(Beginning of PROVIDED DATA)
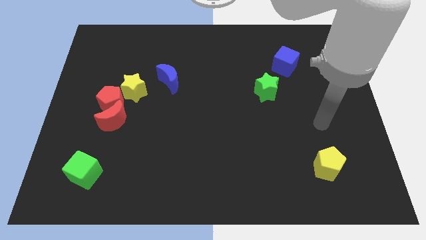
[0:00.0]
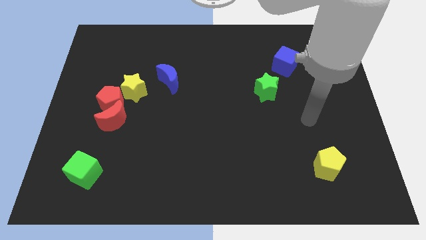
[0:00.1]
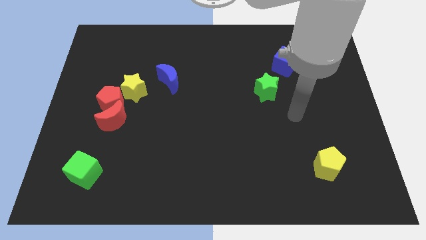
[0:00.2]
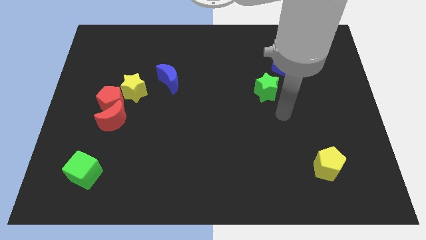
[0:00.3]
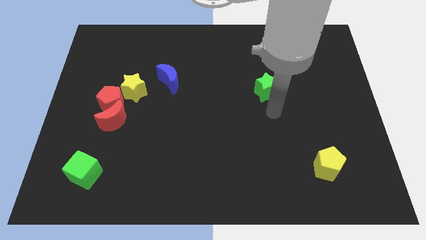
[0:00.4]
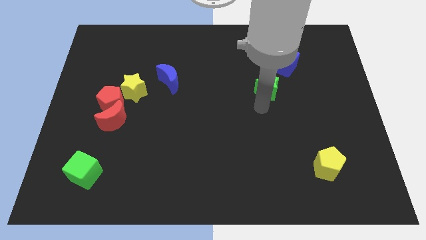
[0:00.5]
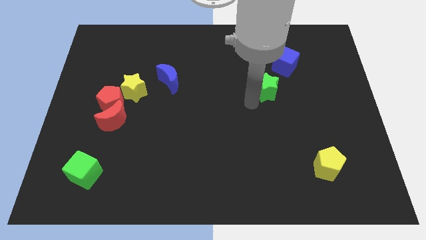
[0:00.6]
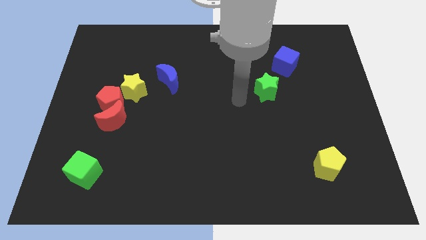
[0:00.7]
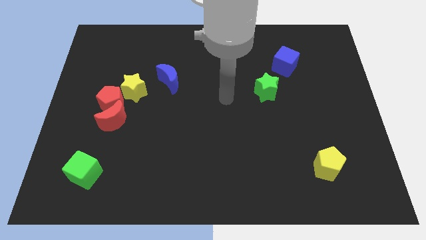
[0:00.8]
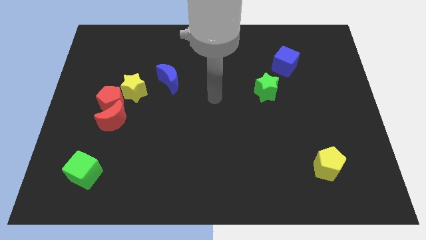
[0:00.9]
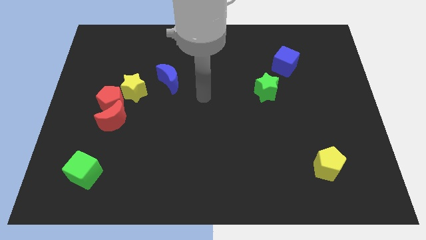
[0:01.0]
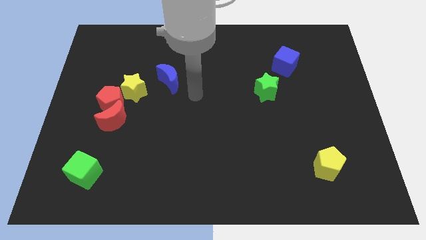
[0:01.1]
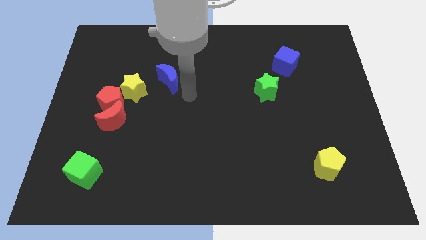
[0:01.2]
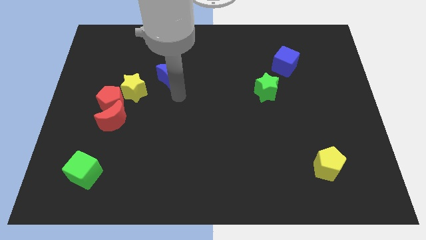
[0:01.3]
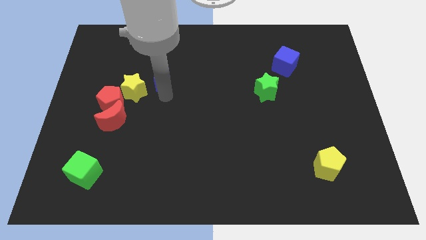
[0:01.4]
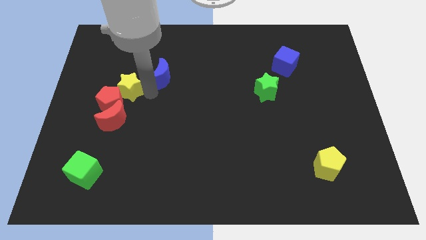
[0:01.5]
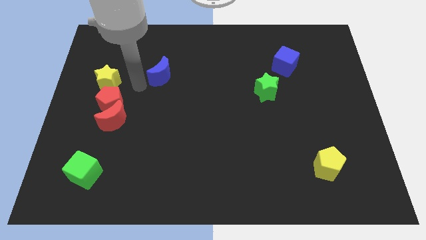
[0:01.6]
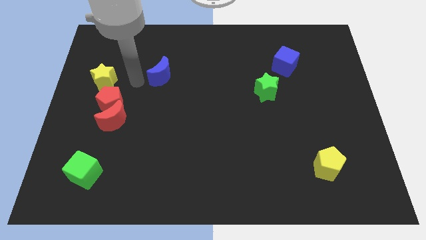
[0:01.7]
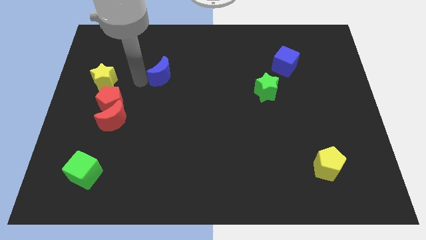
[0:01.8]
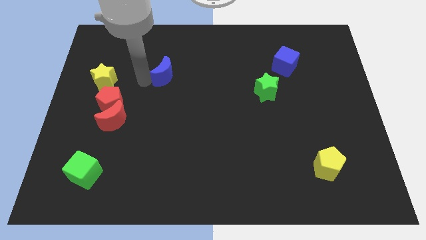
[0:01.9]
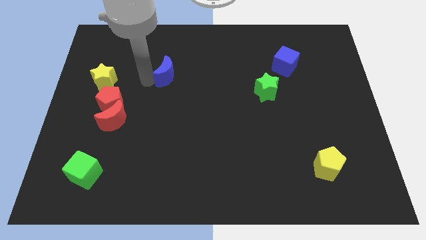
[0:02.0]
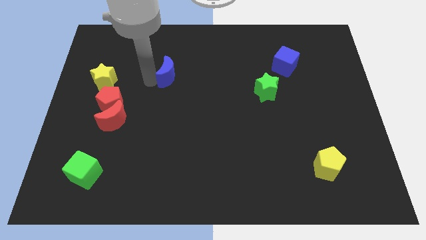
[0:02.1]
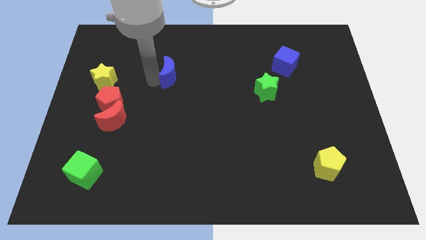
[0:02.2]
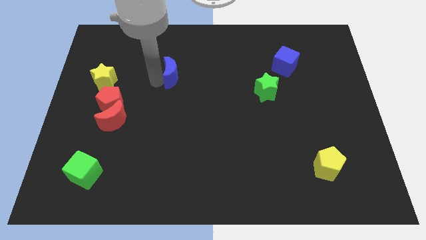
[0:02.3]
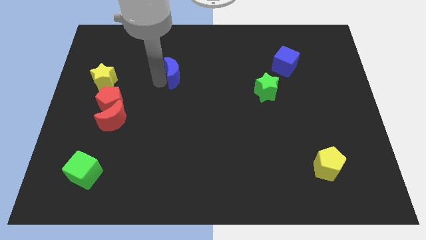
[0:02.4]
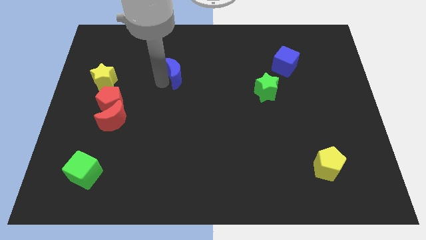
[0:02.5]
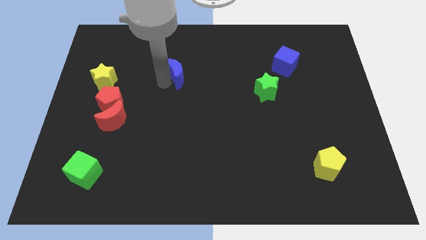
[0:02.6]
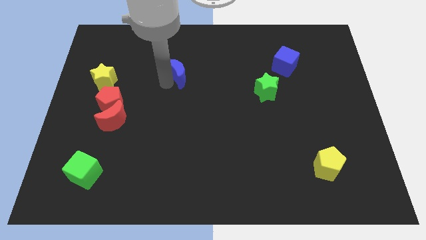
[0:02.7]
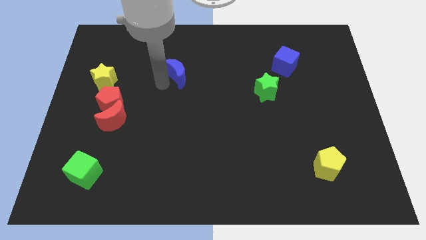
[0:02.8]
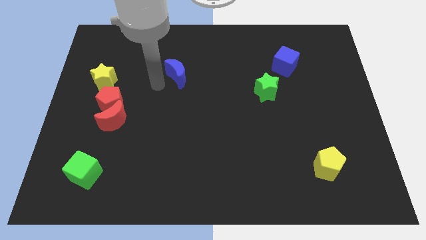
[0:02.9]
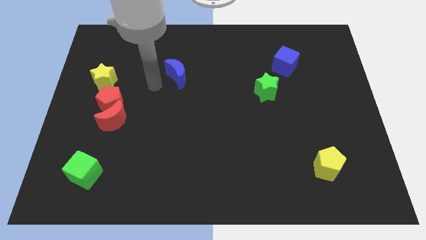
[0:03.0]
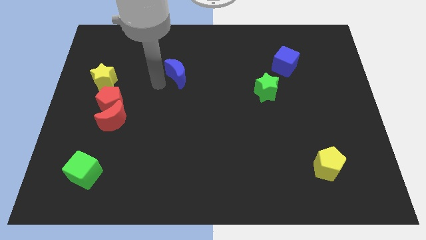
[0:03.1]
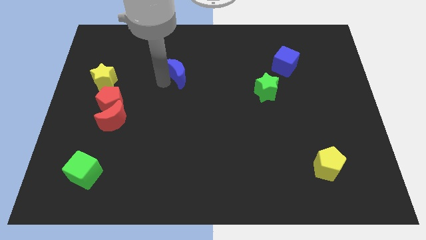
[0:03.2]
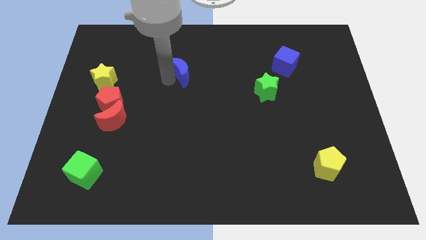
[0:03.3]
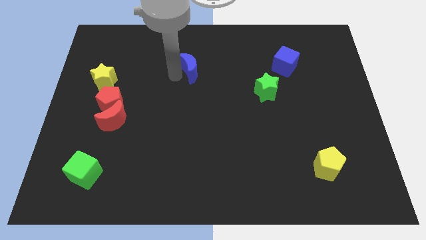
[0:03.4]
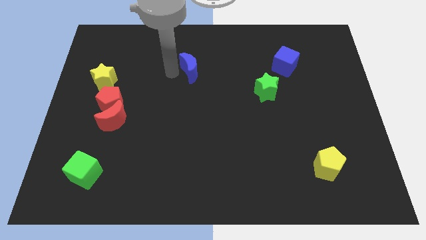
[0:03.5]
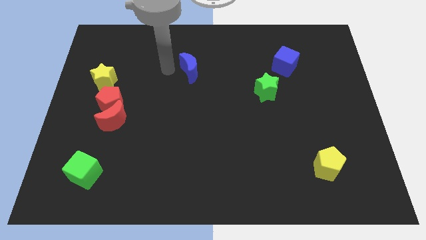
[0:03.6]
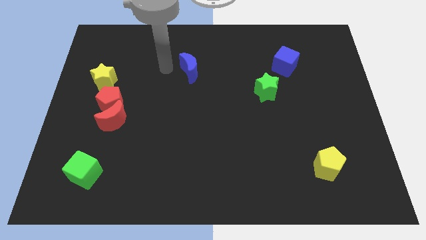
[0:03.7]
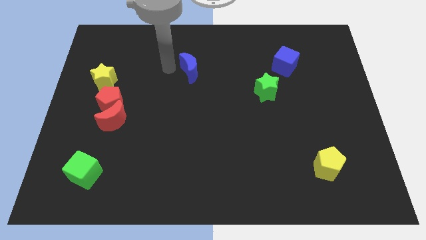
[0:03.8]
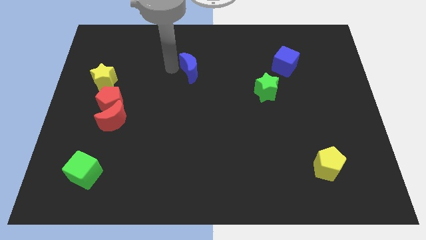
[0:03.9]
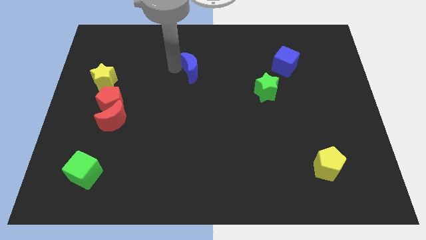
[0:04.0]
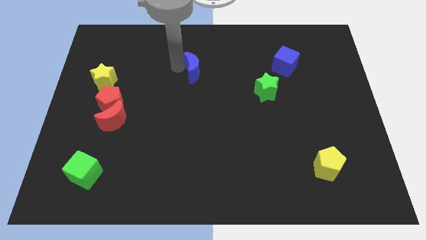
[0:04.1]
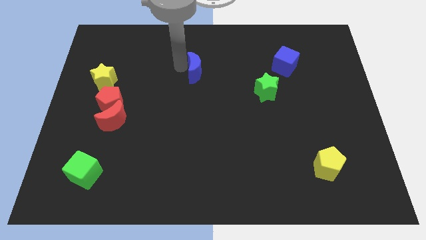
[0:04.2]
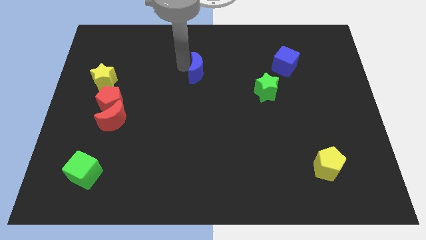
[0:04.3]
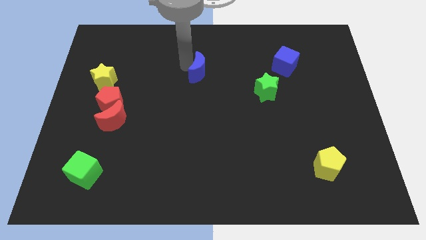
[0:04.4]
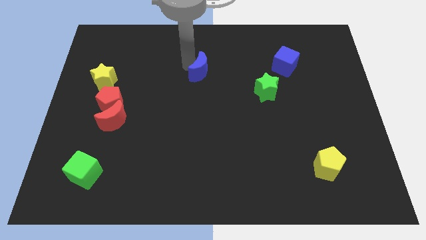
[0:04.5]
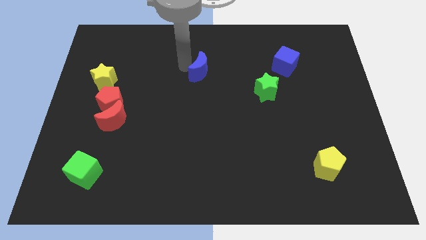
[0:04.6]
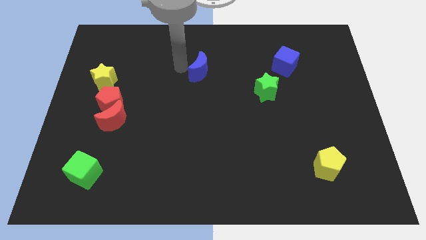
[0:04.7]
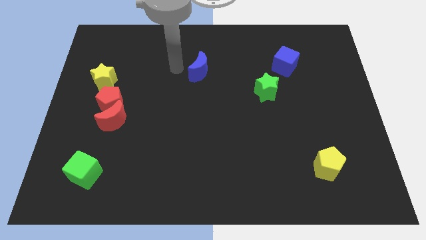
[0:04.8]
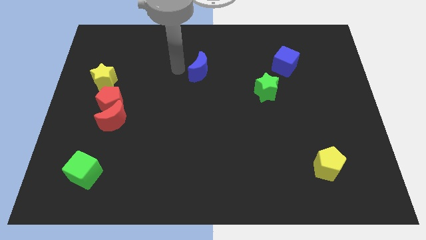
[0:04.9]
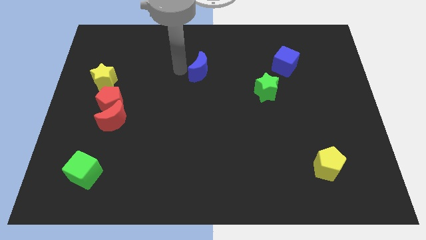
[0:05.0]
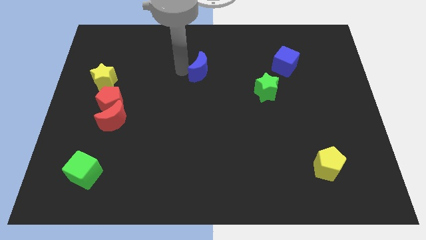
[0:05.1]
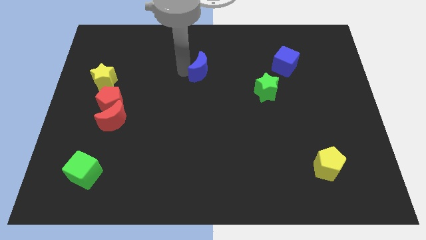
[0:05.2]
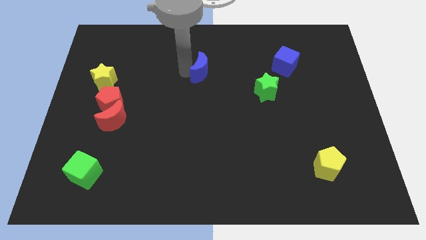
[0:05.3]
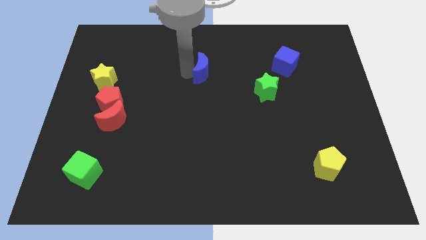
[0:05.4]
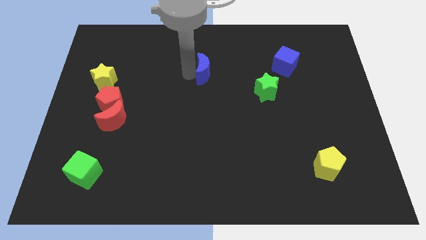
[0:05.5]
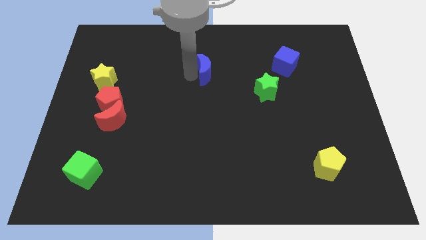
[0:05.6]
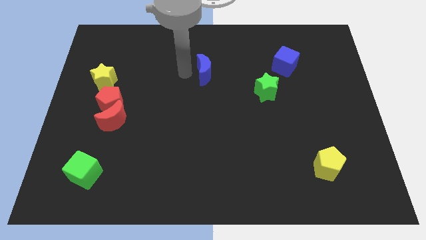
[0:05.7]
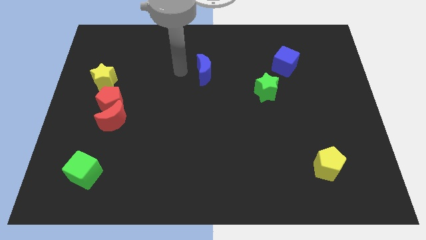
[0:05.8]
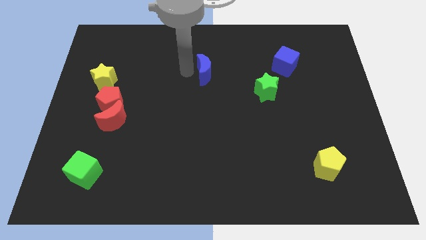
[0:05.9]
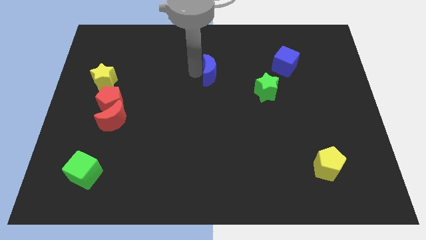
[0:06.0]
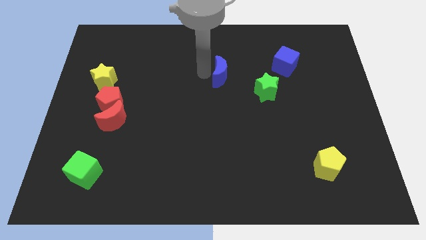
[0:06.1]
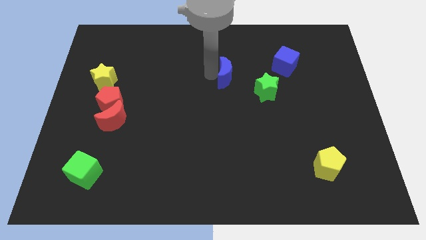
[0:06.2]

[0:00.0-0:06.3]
slide the blue moon to the top left side of the green star
(End of PROVIDED DATA)
> **WHAT TO WORK ON**
Set the entries down again exactly. Do not include the images.

> **ANSWER FOR THE TASK**
[0:00.0]
[0:00.1]
[0:00.2]
[0:00.3]
[0:00.4]
[0:00.5]
[0:00.6]
[0:00.7]
[0:00.8]
[0:00.9]
[0:01.0]
[0:01.1]
[0:01.2]
[0:01.3]
[0:01.4]
[0:01.5]
[0:01.6]
[0:01.7]
[0:01.8]
[0:01.9]
[0:02.0]
[0:02.1]
[0:02.2]
[0:02.3]
[0:02.4]
[0:02.5]
[0:02.6]
[0:02.7]
[0:02.8]
[0:02.9]
[0:03.0]
[0:03.1]
[0:03.2]
[0:03.3]
[0:03.4]
[0:03.5]
[0:03.6]
[0:03.7]
[0:03.8]
[0:03.9]
[0:04.0]
[0:04.1]
[0:04.2]
[0:04.3]
[0:04.4]
[0:04.5]
[0:04.6]
[0:04.7]
[0:04.8]
[0:04.9]
[0:05.0]
[0:05.1]
[0:05.2]
[0:05.3]
[0:05.4]
[0:05.5]
[0:05.6]
[0:05.7]
[0:05.8]
[0:05.9]
[0:06.0]
[0:06.1]
[0:06.2]

[0:00.0-0:06.3]
slide the blue moon to the top left side of the green star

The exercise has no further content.